> _Records from a data collection_:
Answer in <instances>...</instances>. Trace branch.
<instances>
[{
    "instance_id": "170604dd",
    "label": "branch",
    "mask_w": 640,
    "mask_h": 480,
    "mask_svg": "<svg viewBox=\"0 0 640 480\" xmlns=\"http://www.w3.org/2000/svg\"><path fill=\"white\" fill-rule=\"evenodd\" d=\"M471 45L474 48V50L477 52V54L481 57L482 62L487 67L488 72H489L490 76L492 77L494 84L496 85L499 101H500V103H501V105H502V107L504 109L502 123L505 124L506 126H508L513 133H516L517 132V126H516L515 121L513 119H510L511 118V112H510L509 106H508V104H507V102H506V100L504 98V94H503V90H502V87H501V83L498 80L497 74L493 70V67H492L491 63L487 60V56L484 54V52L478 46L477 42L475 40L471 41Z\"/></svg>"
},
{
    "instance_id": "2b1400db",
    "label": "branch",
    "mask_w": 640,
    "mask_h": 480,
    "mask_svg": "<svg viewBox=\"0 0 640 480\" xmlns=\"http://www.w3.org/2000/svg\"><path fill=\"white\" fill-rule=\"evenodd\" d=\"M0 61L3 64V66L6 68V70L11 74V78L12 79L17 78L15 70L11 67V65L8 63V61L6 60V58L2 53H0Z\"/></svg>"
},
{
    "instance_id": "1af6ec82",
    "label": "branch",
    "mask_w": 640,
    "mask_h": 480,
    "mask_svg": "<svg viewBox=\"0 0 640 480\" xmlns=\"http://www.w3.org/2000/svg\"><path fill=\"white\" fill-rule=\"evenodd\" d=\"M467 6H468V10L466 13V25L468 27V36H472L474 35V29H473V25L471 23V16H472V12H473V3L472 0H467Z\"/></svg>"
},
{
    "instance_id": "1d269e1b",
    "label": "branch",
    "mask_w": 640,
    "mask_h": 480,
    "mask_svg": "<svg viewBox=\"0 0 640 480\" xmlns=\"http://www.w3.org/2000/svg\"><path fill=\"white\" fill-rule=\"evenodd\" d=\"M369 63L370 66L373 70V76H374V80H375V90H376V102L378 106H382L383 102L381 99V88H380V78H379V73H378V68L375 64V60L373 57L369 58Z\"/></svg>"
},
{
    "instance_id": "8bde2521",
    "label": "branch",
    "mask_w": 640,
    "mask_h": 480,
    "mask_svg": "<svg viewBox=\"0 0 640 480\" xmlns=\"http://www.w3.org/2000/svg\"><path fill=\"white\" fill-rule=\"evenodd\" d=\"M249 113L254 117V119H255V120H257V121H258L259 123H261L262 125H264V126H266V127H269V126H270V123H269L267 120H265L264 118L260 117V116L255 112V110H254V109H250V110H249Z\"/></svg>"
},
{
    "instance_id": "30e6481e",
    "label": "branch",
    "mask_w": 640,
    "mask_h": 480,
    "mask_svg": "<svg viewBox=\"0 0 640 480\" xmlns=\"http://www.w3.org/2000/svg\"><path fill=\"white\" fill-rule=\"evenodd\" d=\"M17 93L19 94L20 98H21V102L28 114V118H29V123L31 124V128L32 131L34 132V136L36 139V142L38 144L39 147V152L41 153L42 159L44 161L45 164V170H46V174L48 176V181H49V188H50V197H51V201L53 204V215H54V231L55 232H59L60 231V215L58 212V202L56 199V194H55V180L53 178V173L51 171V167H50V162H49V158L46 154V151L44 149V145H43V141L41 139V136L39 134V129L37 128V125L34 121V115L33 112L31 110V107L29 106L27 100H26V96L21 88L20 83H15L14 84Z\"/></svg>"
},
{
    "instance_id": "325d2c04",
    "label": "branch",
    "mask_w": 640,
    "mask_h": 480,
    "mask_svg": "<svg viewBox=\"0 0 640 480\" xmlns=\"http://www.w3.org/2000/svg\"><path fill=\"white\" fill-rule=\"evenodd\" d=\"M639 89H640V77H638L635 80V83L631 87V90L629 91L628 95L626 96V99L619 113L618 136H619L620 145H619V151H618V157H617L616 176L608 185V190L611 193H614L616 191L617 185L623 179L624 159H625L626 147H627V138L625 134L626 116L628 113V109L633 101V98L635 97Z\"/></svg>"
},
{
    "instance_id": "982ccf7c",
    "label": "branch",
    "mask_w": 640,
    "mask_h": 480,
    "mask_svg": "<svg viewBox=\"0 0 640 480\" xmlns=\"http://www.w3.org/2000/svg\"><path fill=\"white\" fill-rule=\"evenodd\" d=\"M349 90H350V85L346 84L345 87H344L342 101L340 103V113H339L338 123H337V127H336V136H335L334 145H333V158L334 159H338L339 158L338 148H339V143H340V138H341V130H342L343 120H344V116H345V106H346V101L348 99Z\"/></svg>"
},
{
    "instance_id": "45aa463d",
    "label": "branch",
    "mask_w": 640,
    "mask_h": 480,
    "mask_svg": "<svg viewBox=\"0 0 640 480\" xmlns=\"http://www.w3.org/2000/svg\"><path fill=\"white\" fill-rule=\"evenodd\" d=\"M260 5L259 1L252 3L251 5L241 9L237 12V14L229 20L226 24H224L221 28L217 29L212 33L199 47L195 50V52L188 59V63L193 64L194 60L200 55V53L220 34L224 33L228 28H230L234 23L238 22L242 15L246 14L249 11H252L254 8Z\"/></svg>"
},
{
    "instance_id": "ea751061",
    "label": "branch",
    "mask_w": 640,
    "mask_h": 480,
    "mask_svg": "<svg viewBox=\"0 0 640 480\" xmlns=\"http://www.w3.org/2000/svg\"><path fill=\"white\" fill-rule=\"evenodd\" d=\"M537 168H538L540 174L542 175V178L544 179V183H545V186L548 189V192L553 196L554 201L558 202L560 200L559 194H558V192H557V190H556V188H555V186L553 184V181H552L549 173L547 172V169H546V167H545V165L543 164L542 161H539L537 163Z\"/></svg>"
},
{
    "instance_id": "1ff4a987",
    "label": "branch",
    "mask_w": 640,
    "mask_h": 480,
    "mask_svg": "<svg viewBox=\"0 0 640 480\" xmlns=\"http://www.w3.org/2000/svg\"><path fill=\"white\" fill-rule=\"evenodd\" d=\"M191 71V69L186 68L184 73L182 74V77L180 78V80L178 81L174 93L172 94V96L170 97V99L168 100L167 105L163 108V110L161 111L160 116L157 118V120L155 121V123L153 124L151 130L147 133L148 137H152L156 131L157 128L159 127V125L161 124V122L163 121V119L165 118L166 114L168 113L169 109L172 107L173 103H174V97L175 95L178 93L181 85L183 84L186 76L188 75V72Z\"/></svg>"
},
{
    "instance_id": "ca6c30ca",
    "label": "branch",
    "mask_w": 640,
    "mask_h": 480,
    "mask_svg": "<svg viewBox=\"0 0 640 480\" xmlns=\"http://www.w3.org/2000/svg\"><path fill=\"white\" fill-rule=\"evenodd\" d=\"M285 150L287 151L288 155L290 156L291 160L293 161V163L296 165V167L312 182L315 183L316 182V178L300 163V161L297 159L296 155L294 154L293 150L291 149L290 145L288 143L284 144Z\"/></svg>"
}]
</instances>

> _To do_:
Your response should consist of the data above, duplicated exactly.

> _Task response_:
Answer in <instances>...</instances>. Trace branch.
<instances>
[{
    "instance_id": "170604dd",
    "label": "branch",
    "mask_w": 640,
    "mask_h": 480,
    "mask_svg": "<svg viewBox=\"0 0 640 480\" xmlns=\"http://www.w3.org/2000/svg\"><path fill=\"white\" fill-rule=\"evenodd\" d=\"M471 45L474 48V50L477 52V54L481 57L482 62L487 67L488 72H489L490 76L492 77L494 84L496 85L499 101H500V103H501V105H502V107L504 109L502 123L505 124L506 126H508L513 133H516L517 132V126H516L515 121L513 119H510L511 118V112H510L509 106H508V104H507V102H506V100L504 98V94H503V90H502V87H501V83L498 80L497 74L493 70V67H492L491 63L487 60V56L484 54V52L478 46L477 42L475 40L471 41Z\"/></svg>"
},
{
    "instance_id": "2b1400db",
    "label": "branch",
    "mask_w": 640,
    "mask_h": 480,
    "mask_svg": "<svg viewBox=\"0 0 640 480\" xmlns=\"http://www.w3.org/2000/svg\"><path fill=\"white\" fill-rule=\"evenodd\" d=\"M0 61L3 64V66L6 68V70L11 74V78L12 79L17 78L15 70L11 67V65L8 63V61L6 60V58L2 53H0Z\"/></svg>"
},
{
    "instance_id": "1af6ec82",
    "label": "branch",
    "mask_w": 640,
    "mask_h": 480,
    "mask_svg": "<svg viewBox=\"0 0 640 480\" xmlns=\"http://www.w3.org/2000/svg\"><path fill=\"white\" fill-rule=\"evenodd\" d=\"M467 6H468V10L466 13V25L468 27V36H472L474 35V29H473V25L471 23V16H472V12H473V3L472 0H467Z\"/></svg>"
},
{
    "instance_id": "1d269e1b",
    "label": "branch",
    "mask_w": 640,
    "mask_h": 480,
    "mask_svg": "<svg viewBox=\"0 0 640 480\" xmlns=\"http://www.w3.org/2000/svg\"><path fill=\"white\" fill-rule=\"evenodd\" d=\"M369 63L370 66L373 70V76H374V80H375V90H376V102L378 106H382L383 102L381 99V88H380V78H379V73H378V68L375 64V60L373 57L369 58Z\"/></svg>"
},
{
    "instance_id": "8bde2521",
    "label": "branch",
    "mask_w": 640,
    "mask_h": 480,
    "mask_svg": "<svg viewBox=\"0 0 640 480\" xmlns=\"http://www.w3.org/2000/svg\"><path fill=\"white\" fill-rule=\"evenodd\" d=\"M249 113L254 117V119H255V120H257V121H258L259 123H261L262 125H264V126H266V127H269V126H270V123H269L267 120H265L264 118L260 117V116L255 112V110H254V109H250V110H249Z\"/></svg>"
},
{
    "instance_id": "30e6481e",
    "label": "branch",
    "mask_w": 640,
    "mask_h": 480,
    "mask_svg": "<svg viewBox=\"0 0 640 480\" xmlns=\"http://www.w3.org/2000/svg\"><path fill=\"white\" fill-rule=\"evenodd\" d=\"M17 93L19 94L20 98H21V102L28 114V118H29V123L31 124V128L32 131L34 132V136L36 139V142L38 144L39 147V152L41 153L42 159L44 161L45 164V170H46V174L48 176V181H49V188H50V197H51V201L53 204V215H54V231L55 232H59L60 231V215L58 212V202L56 199V194H55V180L53 178V173L51 171V167H50V162H49V158L46 154V151L44 149V145H43V141L41 139V136L39 134V129L37 128V125L34 121V115L33 112L31 110V107L29 106L27 100H26V96L21 88L20 83H15L14 84Z\"/></svg>"
},
{
    "instance_id": "325d2c04",
    "label": "branch",
    "mask_w": 640,
    "mask_h": 480,
    "mask_svg": "<svg viewBox=\"0 0 640 480\" xmlns=\"http://www.w3.org/2000/svg\"><path fill=\"white\" fill-rule=\"evenodd\" d=\"M639 89H640V77H638L635 80V83L631 87V90L629 91L628 95L626 96V99L619 113L618 136H619L620 145H619V151H618V157H617L616 176L608 185V190L611 193H614L616 191L617 185L623 179L624 159H625L626 147H627V138L625 134L626 116L628 113V109L633 101V98L635 97Z\"/></svg>"
},
{
    "instance_id": "982ccf7c",
    "label": "branch",
    "mask_w": 640,
    "mask_h": 480,
    "mask_svg": "<svg viewBox=\"0 0 640 480\" xmlns=\"http://www.w3.org/2000/svg\"><path fill=\"white\" fill-rule=\"evenodd\" d=\"M349 90H350V85L346 84L345 87H344L342 101L340 103V113H339L338 123H337V127H336V136H335L334 145H333V158L334 159H338L339 158L338 148H339V143H340V138H341V130H342L343 120H344V116H345V106H346V101L348 99Z\"/></svg>"
},
{
    "instance_id": "45aa463d",
    "label": "branch",
    "mask_w": 640,
    "mask_h": 480,
    "mask_svg": "<svg viewBox=\"0 0 640 480\" xmlns=\"http://www.w3.org/2000/svg\"><path fill=\"white\" fill-rule=\"evenodd\" d=\"M260 5L259 1L252 3L251 5L241 9L237 12V14L229 20L226 24H224L221 28L217 29L212 33L199 47L195 50V52L188 59V63L193 64L194 60L200 55V53L220 34L224 33L228 28H230L234 23L238 22L242 15L246 14L249 11H252L254 8Z\"/></svg>"
},
{
    "instance_id": "ea751061",
    "label": "branch",
    "mask_w": 640,
    "mask_h": 480,
    "mask_svg": "<svg viewBox=\"0 0 640 480\" xmlns=\"http://www.w3.org/2000/svg\"><path fill=\"white\" fill-rule=\"evenodd\" d=\"M537 168H538L540 174L542 175V178L544 179V183H545V186L548 189V192L553 196L554 201L558 202L560 200L559 194H558V192H557V190H556V188H555V186L553 184V181H552L549 173L547 172V169H546V167H545V165L543 164L542 161H539L537 163Z\"/></svg>"
},
{
    "instance_id": "1ff4a987",
    "label": "branch",
    "mask_w": 640,
    "mask_h": 480,
    "mask_svg": "<svg viewBox=\"0 0 640 480\" xmlns=\"http://www.w3.org/2000/svg\"><path fill=\"white\" fill-rule=\"evenodd\" d=\"M191 71V69L186 68L184 73L182 74V77L180 78V80L178 81L174 93L172 94V96L170 97V99L168 100L167 105L163 108V110L161 111L160 116L157 118V120L155 121V123L153 124L151 130L147 133L148 137H152L156 131L157 128L159 127V125L161 124V122L163 121V119L165 118L166 114L168 113L169 109L172 107L173 103H174V97L175 95L178 93L181 85L183 84L186 76L188 75V72Z\"/></svg>"
},
{
    "instance_id": "ca6c30ca",
    "label": "branch",
    "mask_w": 640,
    "mask_h": 480,
    "mask_svg": "<svg viewBox=\"0 0 640 480\" xmlns=\"http://www.w3.org/2000/svg\"><path fill=\"white\" fill-rule=\"evenodd\" d=\"M285 150L287 151L288 155L290 156L291 160L293 161V163L296 165V167L312 182L315 183L316 182V178L300 163V161L297 159L296 155L294 154L293 150L291 149L290 145L288 143L284 144Z\"/></svg>"
}]
</instances>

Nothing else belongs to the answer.